---- Data to use
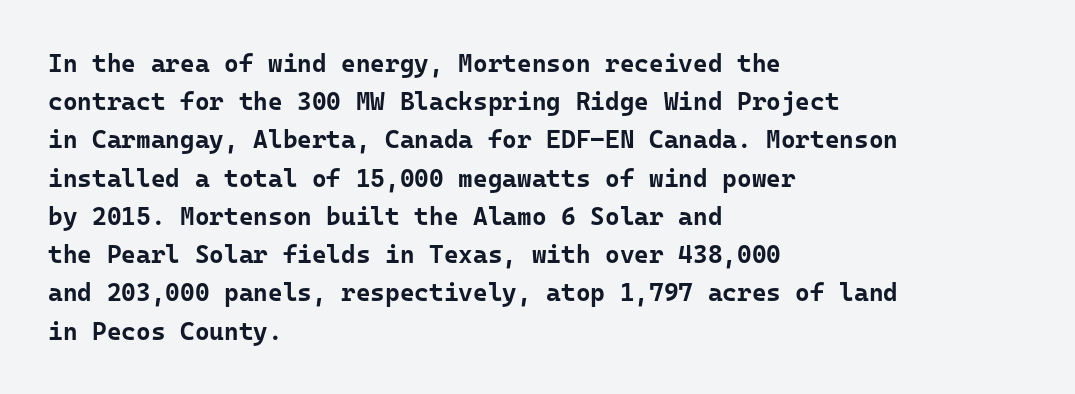
Q: Is the text bold? A: Yes.
Q: Is the text italic (slanted)? A: No, it is upright.
Q: Is the text underlined? A: No.
Q: How is the paragraph aligned? A: Left-aligned.
Q: Is the spacing between letters normal or unusually wide? A: Normal.
Q: Is the spacing between lines tight, normal or loose? A: Normal.
--------
*Task goal*. Which lines of the material contain "Normal"? List them.

*Solution below*.
Q: Is the spacing between letters normal or unusually wide? A: Normal.
Q: Is the spacing between lines tight, normal or loose? A: Normal.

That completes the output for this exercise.